What is needed: Omit the pictures while printing every entry below exactly as given.

Data supplied:
[Start of Attachment]

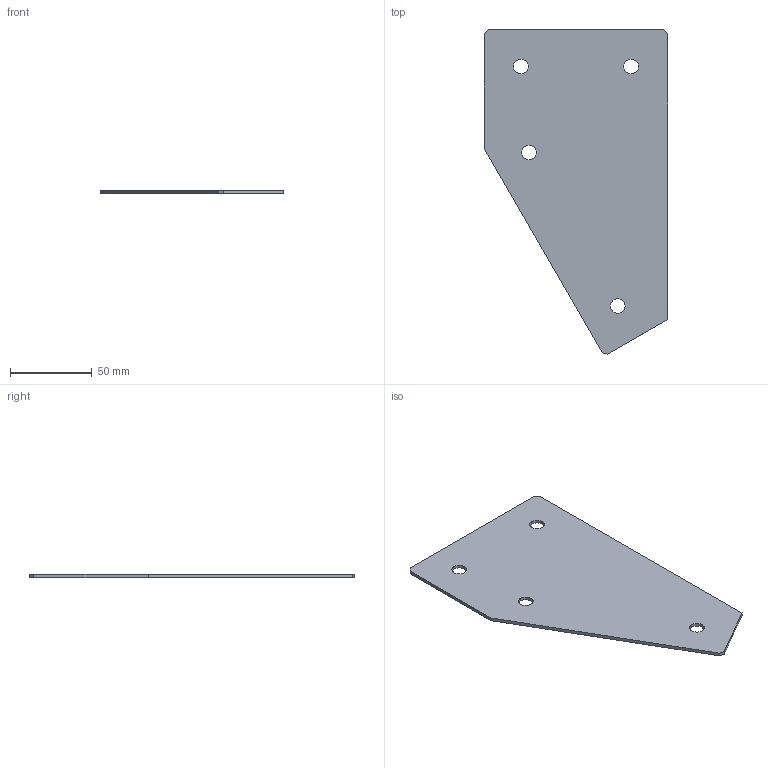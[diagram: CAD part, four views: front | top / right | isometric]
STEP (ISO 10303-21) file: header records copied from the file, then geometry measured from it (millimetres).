
FILE_DESCRIPTION (( 'STEP AP214' ), '1' );
FILE_NAME ('Ó-Ïëàñòèíà 45 ñåðèÿ 60 ãðàäóñîâ.STEP', '2022-03-15T14:42:13', ( 'user' ), ( '' ), 'SwSTEP 2.0', 'SolidWorks 2021', '' );
FILE_SCHEMA (( 'AUTOMOTIVE_DESIGN' ));
Length unit declared in the file: millimetre
Products named in the file (1): Ó-Ïëàñòèíà 45 ñåðèÿ 60 ãðàäóñîâ
Bounding box: 112.5 x 198.61 x 2 mm (x, y, z)
Volume: 34198.7 mm3; surface area: 35524.9 mm2
Topology: 1 solids, 1 shells, 18 faces, 48 edges, 32 vertices
Faces by surface type: plane 10, cylinder 8
Entity records: 618 total; most frequent: DIRECTION 102, CARTESIAN_POINT 99, ORIENTED_EDGE 96, EDGE_CURVE 48, AXIS2_PLACEMENT_3D 35, VECTOR 32, LINE 32, VERTEX_POINT 32

[End of Attachment]

Reply to the task:
[diagram: CAD part, four views: front | top / right | isometric]
STEP (ISO 10303-21) file: header records copied from the file, then geometry measured from it (millimetres).
FILE_DESCRIPTION (( 'STEP AP214' ), '1' );
FILE_NAME ('Ó-Ïëàñòèíà 45 ñåðèÿ 60 ãðàäóñîâ.STEP', '2022-03-15T14:42:13', ( 'user' ), ( '' ), 'SwSTEP 2.0', 'SolidWorks 2021', '' );
FILE_SCHEMA (( 'AUTOMOTIVE_DESIGN' ));
Length unit declared in the file: millimetre
Products named in the file (1): Ó-Ïëàñòèíà 45 ñåðèÿ 60 ãðàäóñîâ
Bounding box: 112.5 x 198.61 x 2 mm (x, y, z)
Volume: 34198.7 mm3; surface area: 35524.9 mm2
Topology: 1 solids, 1 shells, 18 faces, 48 edges, 32 vertices
Faces by surface type: plane 10, cylinder 8
Entity records: 618 total; most frequent: DIRECTION 102, CARTESIAN_POINT 99, ORIENTED_EDGE 96, EDGE_CURVE 48, AXIS2_PLACEMENT_3D 35, VECTOR 32, LINE 32, VERTEX_POINT 32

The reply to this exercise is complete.